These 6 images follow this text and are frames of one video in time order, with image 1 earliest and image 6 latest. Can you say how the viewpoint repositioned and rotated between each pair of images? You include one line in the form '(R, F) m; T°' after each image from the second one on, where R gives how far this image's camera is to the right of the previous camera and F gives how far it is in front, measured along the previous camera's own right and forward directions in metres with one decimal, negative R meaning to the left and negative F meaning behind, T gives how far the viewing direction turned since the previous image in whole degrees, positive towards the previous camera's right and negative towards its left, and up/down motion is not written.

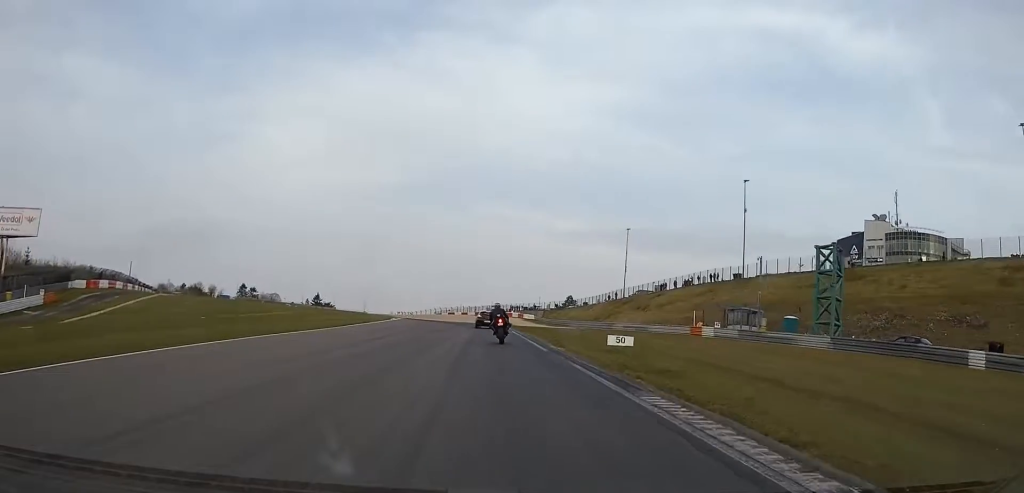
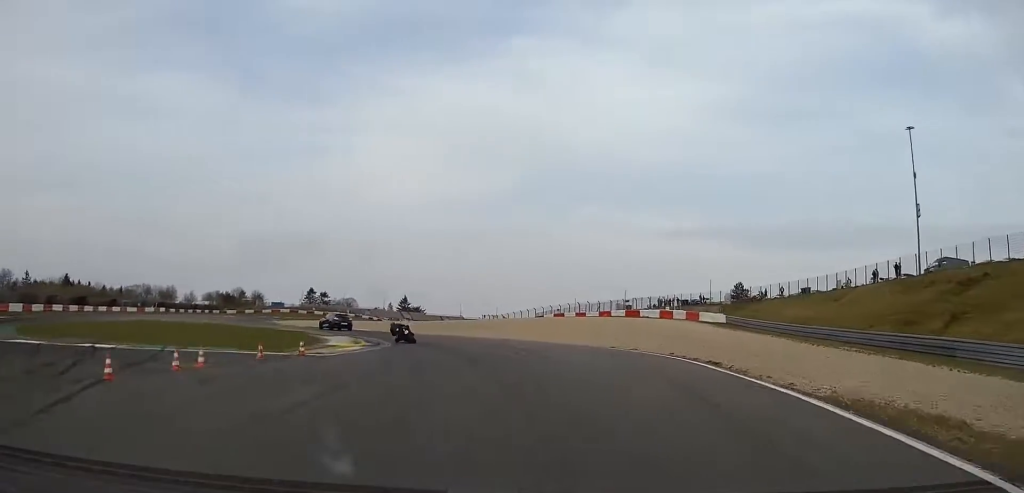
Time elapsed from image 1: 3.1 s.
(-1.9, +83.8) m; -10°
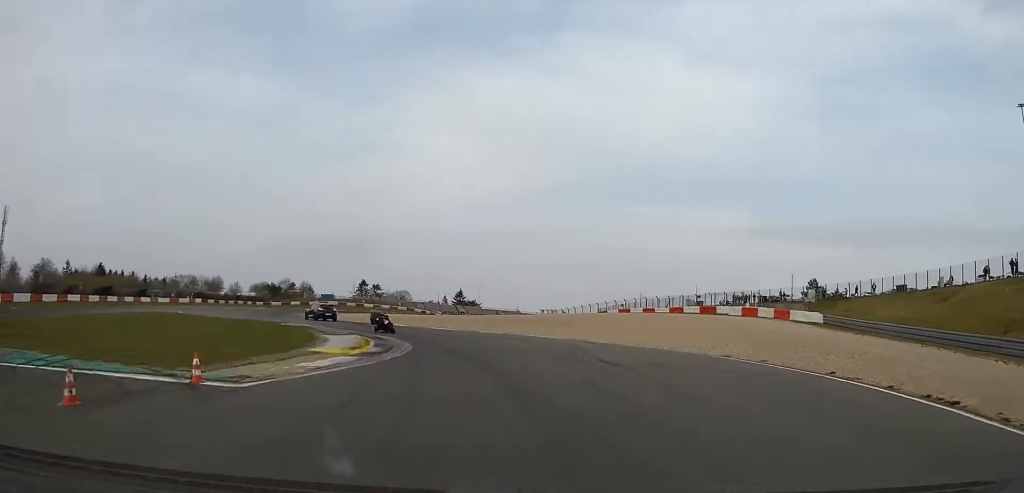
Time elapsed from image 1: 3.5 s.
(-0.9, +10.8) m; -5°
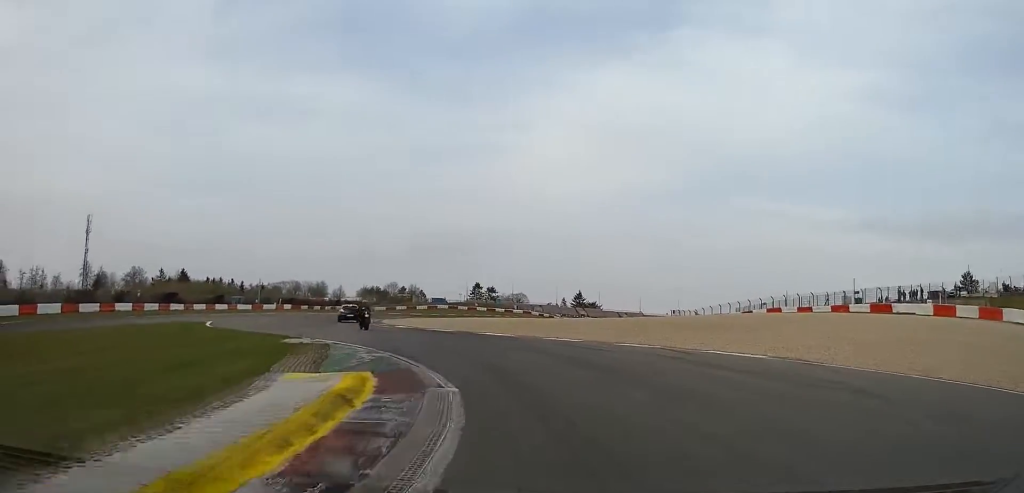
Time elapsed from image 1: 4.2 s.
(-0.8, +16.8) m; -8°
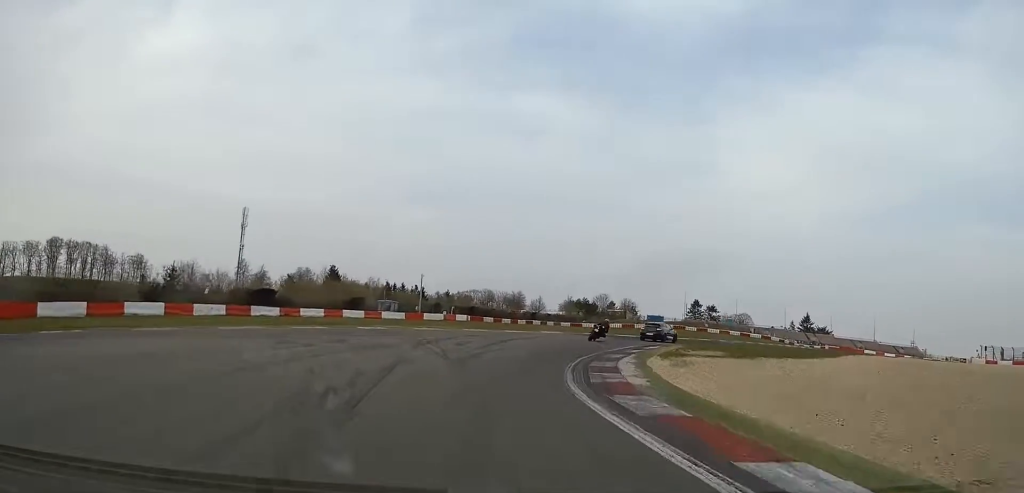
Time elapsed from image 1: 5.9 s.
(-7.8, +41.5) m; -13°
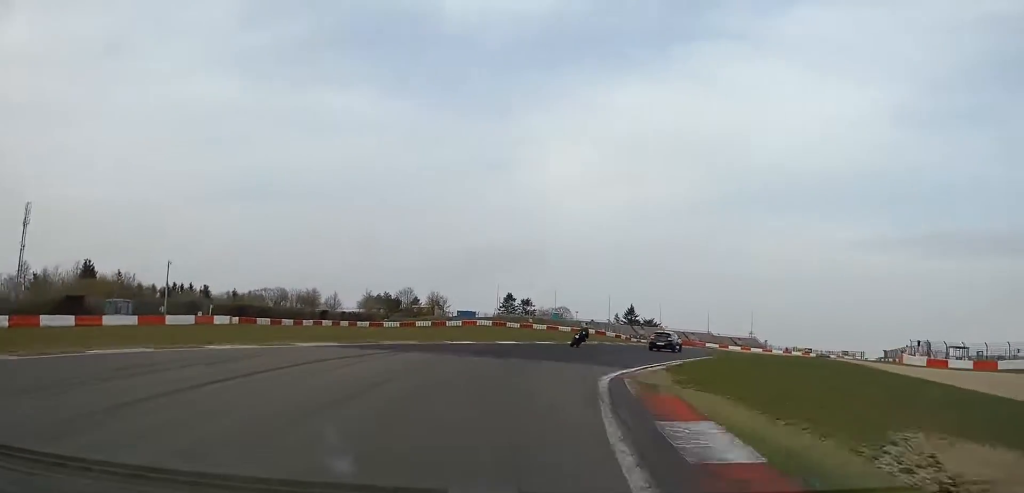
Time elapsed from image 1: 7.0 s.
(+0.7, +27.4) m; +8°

= = = = = = =

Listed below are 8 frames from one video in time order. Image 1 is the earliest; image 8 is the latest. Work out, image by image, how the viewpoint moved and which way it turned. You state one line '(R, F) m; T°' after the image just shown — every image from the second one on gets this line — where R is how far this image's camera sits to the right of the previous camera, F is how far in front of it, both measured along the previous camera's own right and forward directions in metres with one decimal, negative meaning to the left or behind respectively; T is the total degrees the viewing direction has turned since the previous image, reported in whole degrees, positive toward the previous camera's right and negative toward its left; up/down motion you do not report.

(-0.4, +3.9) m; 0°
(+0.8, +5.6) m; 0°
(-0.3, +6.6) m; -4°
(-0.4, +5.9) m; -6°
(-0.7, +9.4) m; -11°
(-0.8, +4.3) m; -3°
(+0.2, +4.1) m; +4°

= = = = = = =

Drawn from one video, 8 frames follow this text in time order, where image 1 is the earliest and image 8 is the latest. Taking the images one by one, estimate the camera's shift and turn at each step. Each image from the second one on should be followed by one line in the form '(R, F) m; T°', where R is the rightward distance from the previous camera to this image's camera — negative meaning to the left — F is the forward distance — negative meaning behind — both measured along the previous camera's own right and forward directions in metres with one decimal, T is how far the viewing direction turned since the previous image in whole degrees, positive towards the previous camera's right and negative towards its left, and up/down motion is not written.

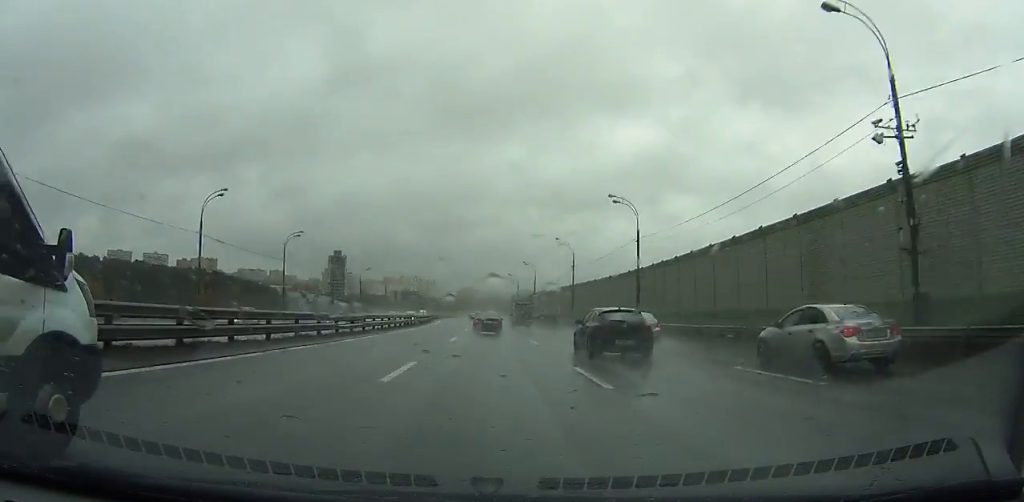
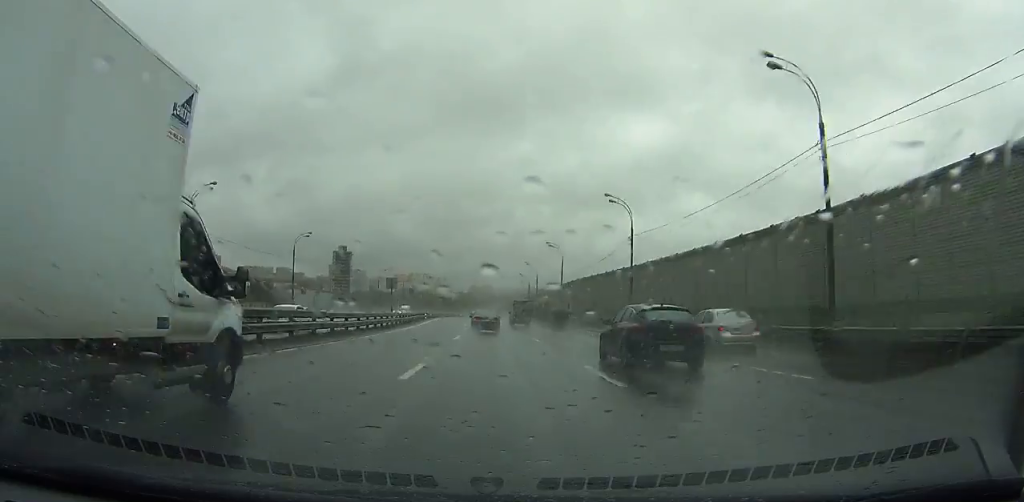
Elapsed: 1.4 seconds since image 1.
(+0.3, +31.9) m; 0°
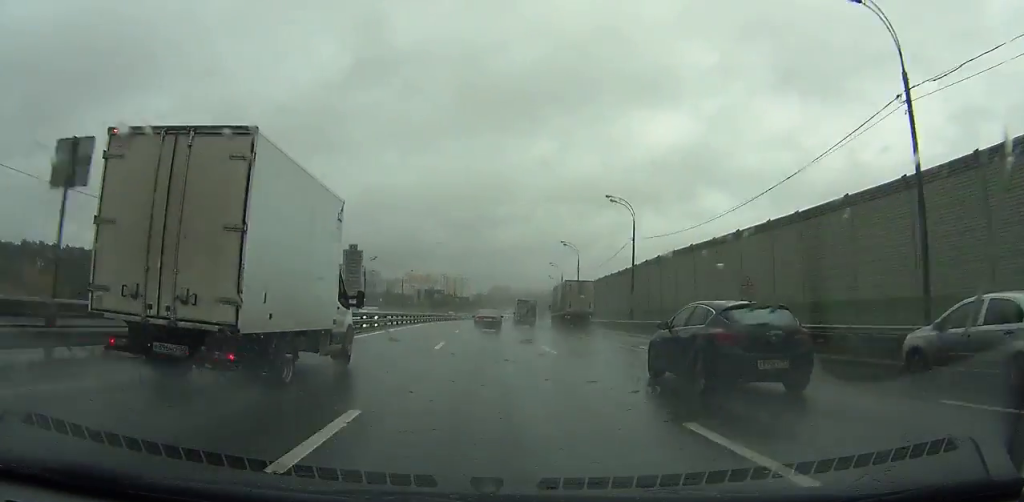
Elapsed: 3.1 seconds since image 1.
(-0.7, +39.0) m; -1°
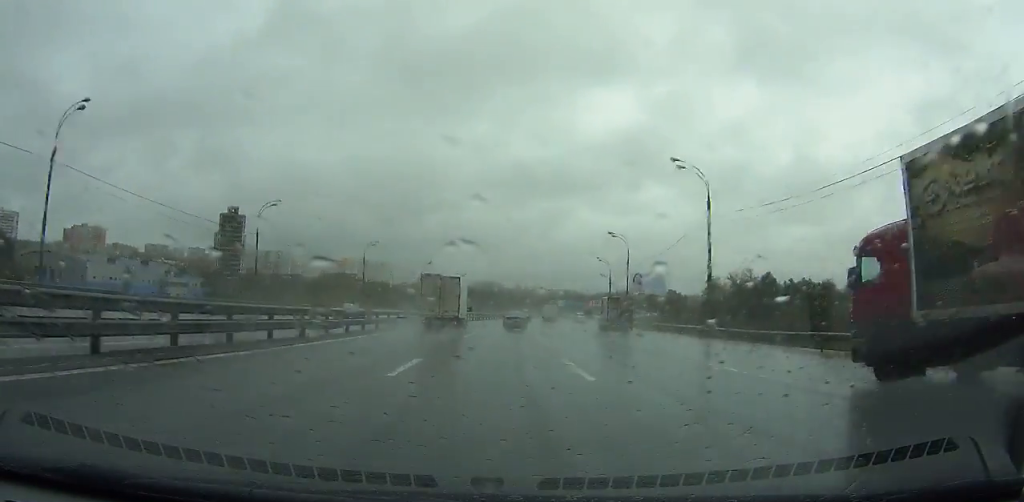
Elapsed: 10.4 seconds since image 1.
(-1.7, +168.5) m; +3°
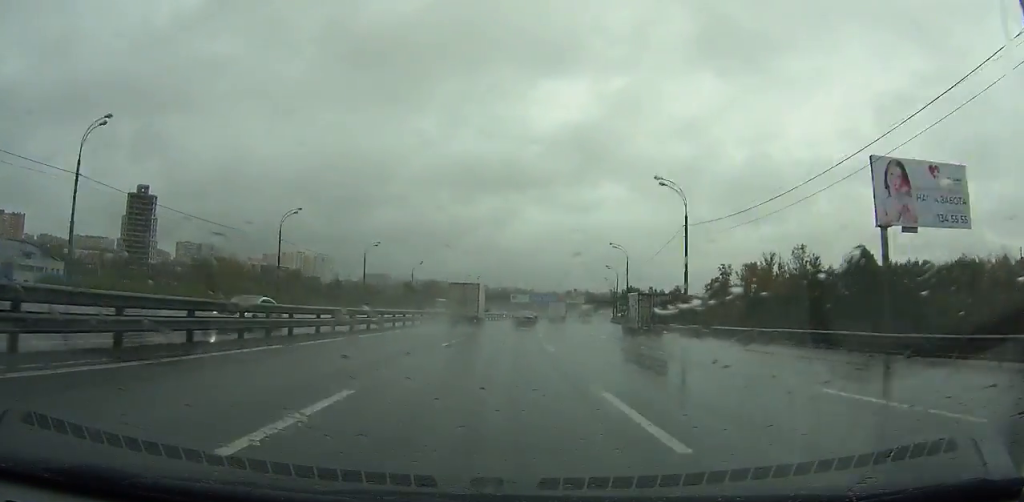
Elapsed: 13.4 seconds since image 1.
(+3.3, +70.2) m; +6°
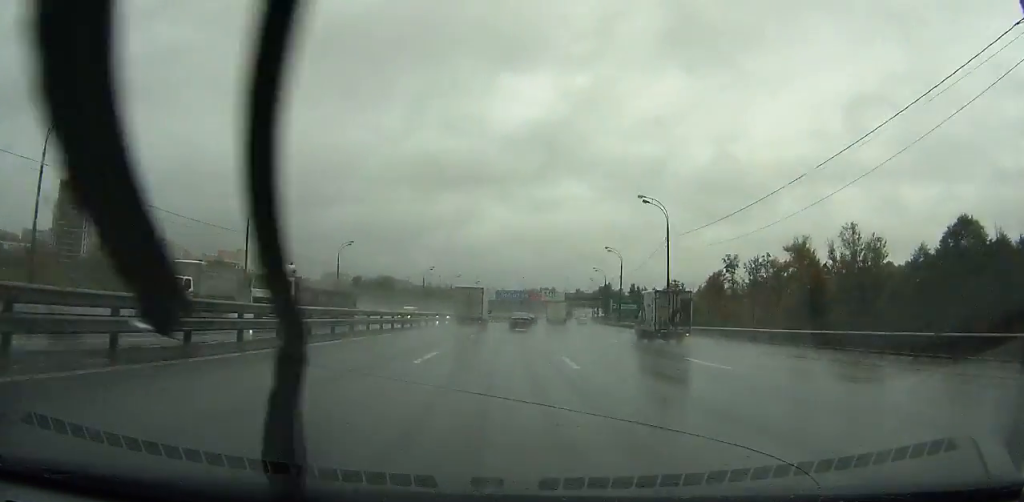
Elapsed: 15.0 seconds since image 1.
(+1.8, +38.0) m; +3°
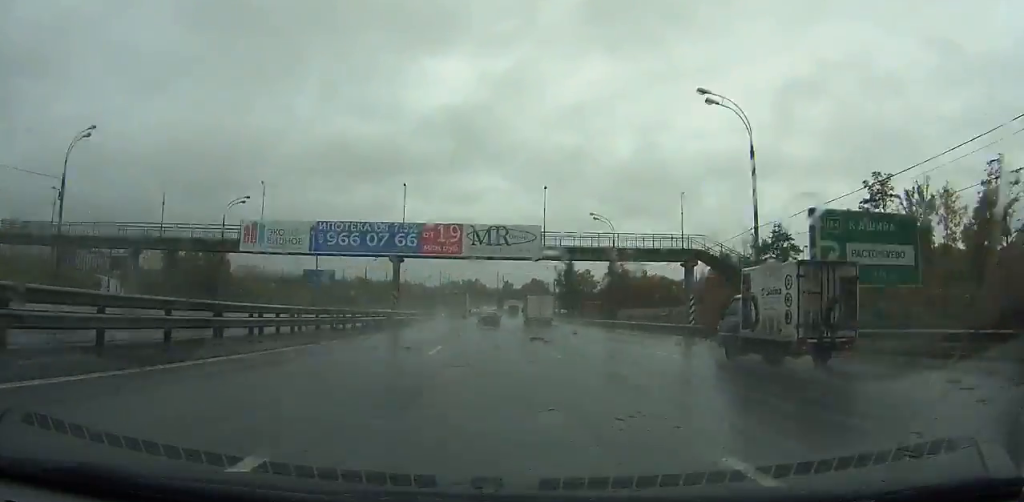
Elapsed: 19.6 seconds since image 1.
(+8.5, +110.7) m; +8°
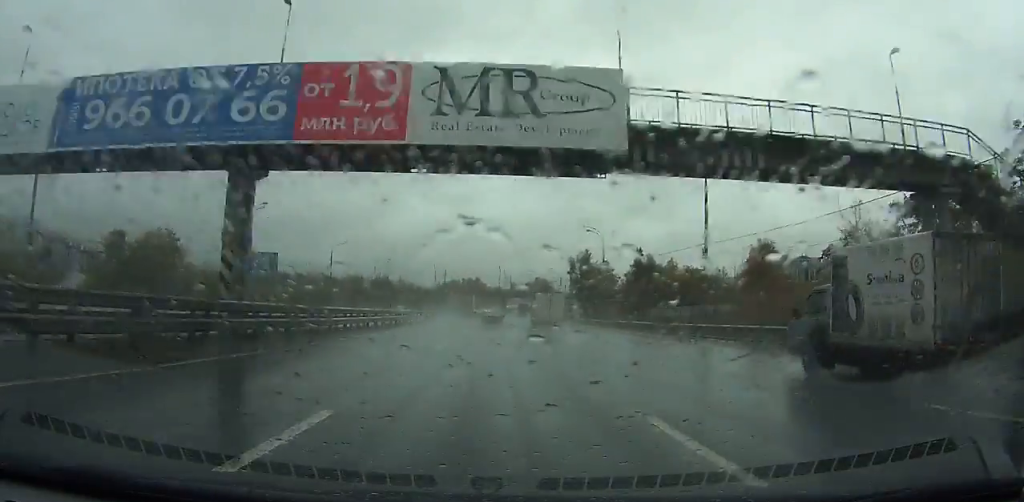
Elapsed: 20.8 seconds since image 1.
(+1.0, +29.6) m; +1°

= = = = = = =

EXERCISE DESCRIPTION: From the entries, copy every line in which the string "written" can be found.

RESULT FOR THIS EXERCISE:
These 6 images follow this text and are frames of one video in time order, with image 1 earliest and image 6 latest. Can you say how the viewpoint repositioned and rotated between each pair of images? You include one line in the form '(R, F) m; T°' after each image from the second one on, where R gives how far this image's camera is to the right of the previous camera and F gives how far it is in front, measured along the previous camera's own right and forward directions in metres with one decimal, negative R meaning to the left and negative F meaning behind, T gives how far the viewing direction turned since the previous image in whole degrees, positive towards the previous camera's right and negative towards its left, and up/down motion is not written.
Drawn from one video, 8 frames follow this text in time order, where image 1 is the earliest and image 8 is the latest. Taking the images one by one, estimate the camera's shift and turn at each step. Each image from the second one on should be followed by one line in the form '(R, F) m; T°', where R is the rightward distance from the previous camera to this image's camera — negative meaning to the left — F is the forward distance — negative meaning behind — both measured along the previous camera's own right and forward directions in metres with one decimal, T is how far the viewing direction turned since the previous image in whole degrees, positive towards the previous camera's right and negative towards its left, and up/down motion is not written.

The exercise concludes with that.